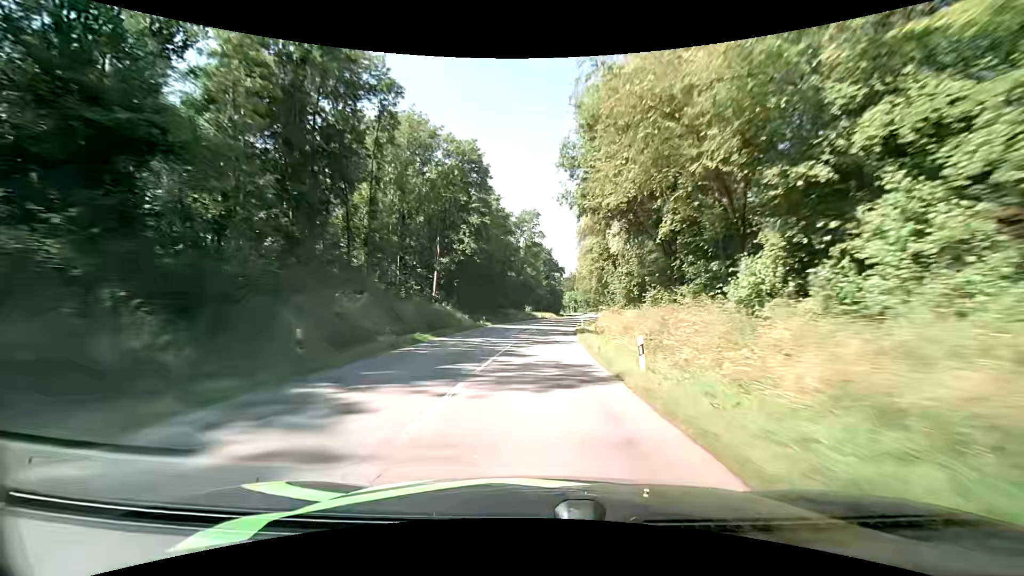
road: secondary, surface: asphalt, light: Day
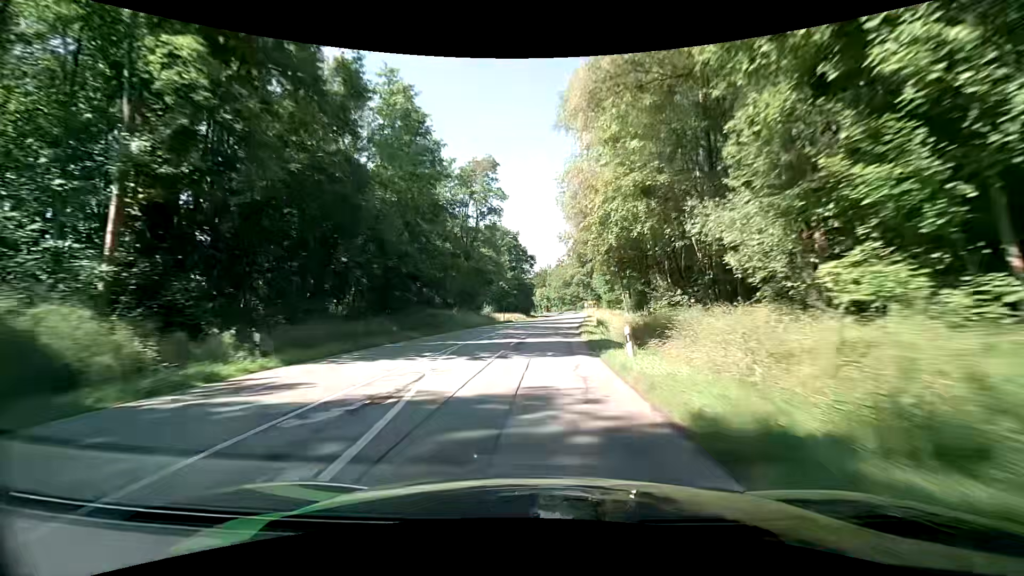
(+1.0, +39.2) m; +3°
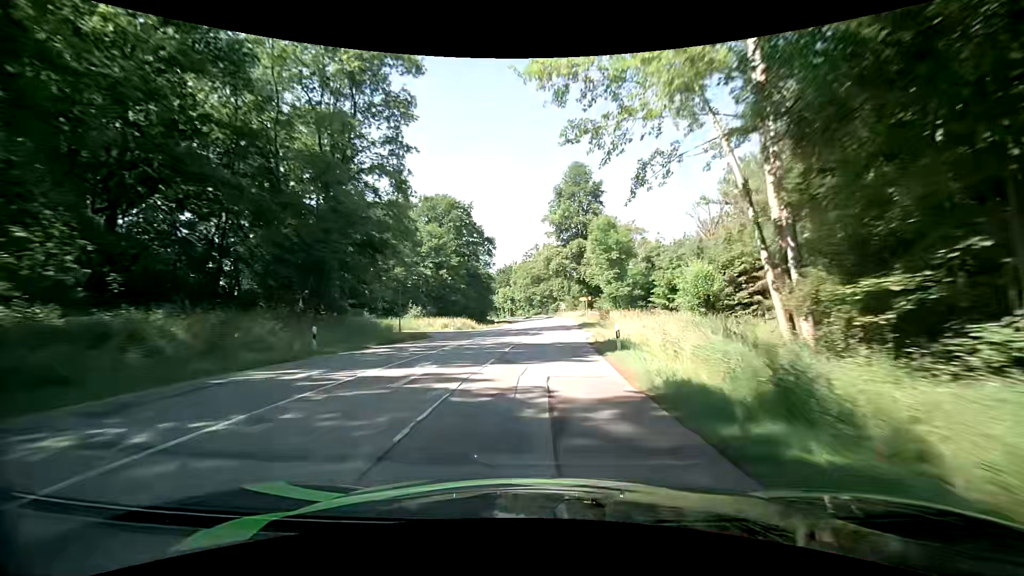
(+1.1, +39.6) m; +3°
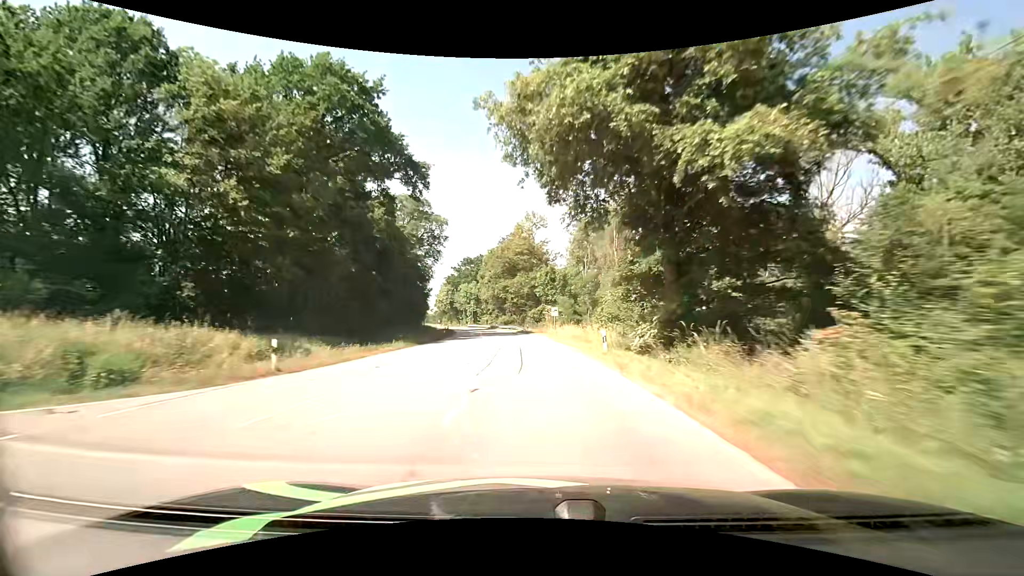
(+2.2, +53.3) m; +3°
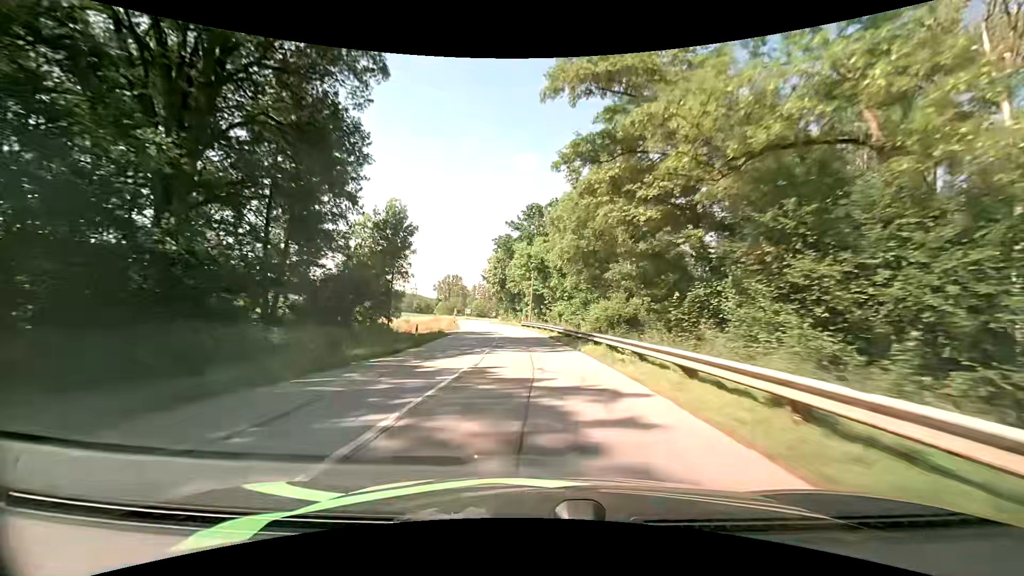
(-5.0, +67.4) m; -9°
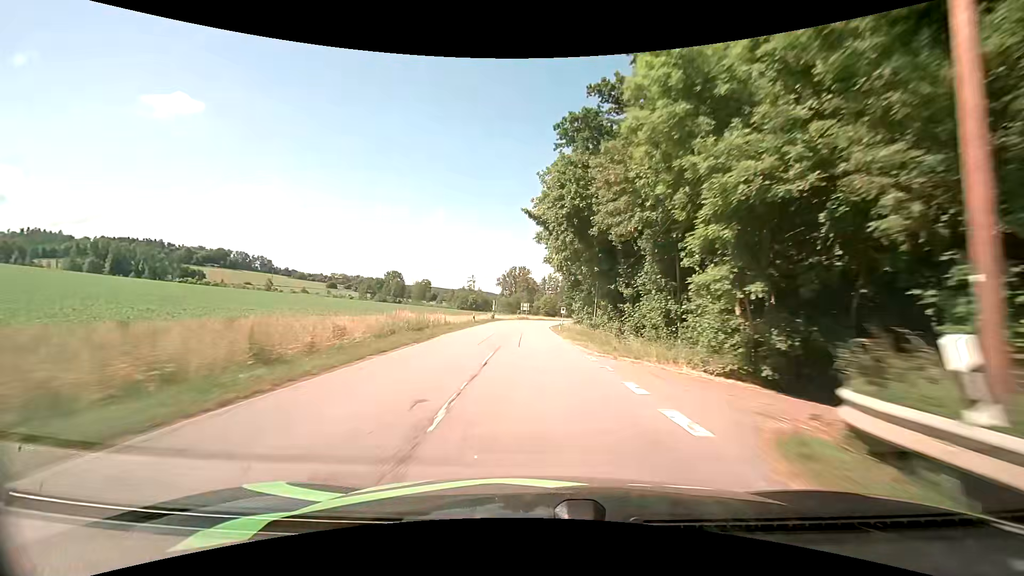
(-3.8, +54.1) m; -8°
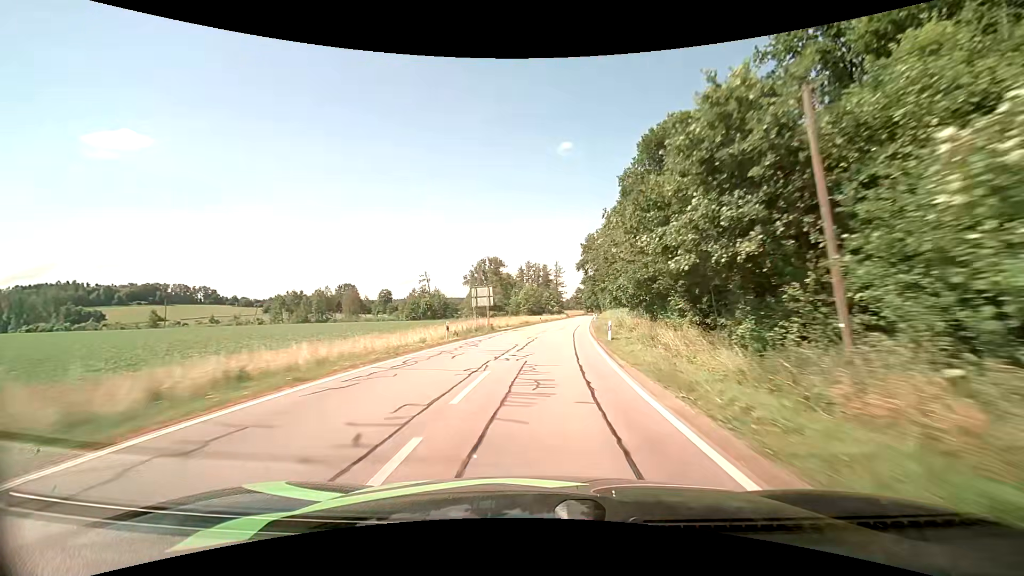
(-0.8, +65.0) m; +2°
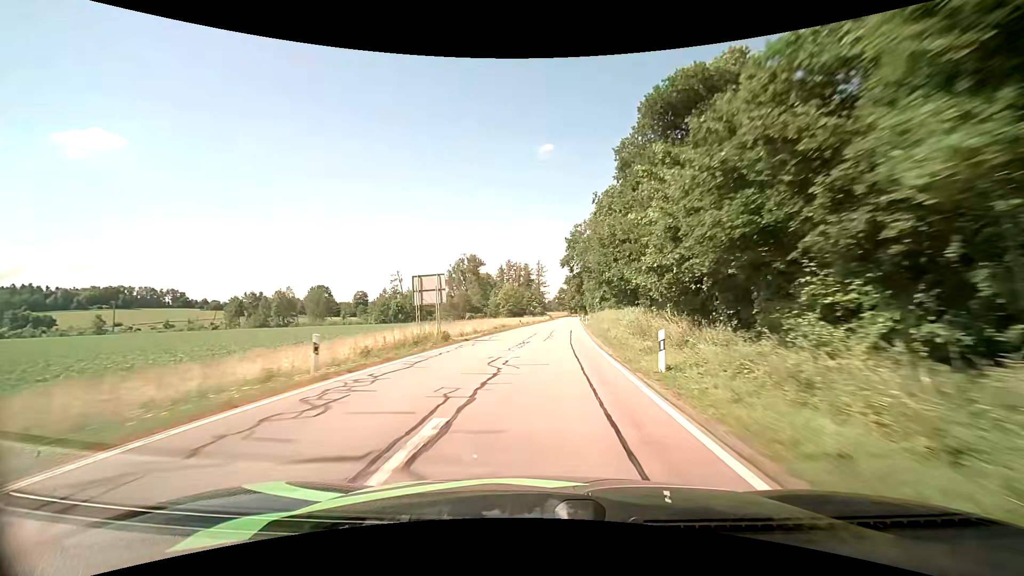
(+0.2, +13.0) m; +2°
(0, +10) (0, +20) (+1, +30) (+2, +40) (+3, +50) (+3, +60) (+4, +70) (+5, +80) (+6, +90) (+7, +100) m
────────
The records must appear again word for word, though none of their pictures should.

road: secondary, surface: asphalt, light: Day
(+1.0, +39.2) m; +3°
(+1.1, +39.6) m; +3°
(+2.2, +53.3) m; +3°
(-5.0, +67.4) m; -9°
(-3.8, +54.1) m; -8°
(-0.8, +65.0) m; +2°
(+0.2, +13.0) m; +2°
(0, +10) (0, +20) (+1, +30) (+2, +40) (+3, +50) (+3, +60) (+4, +70) (+5, +80) (+6, +90) (+7, +100) m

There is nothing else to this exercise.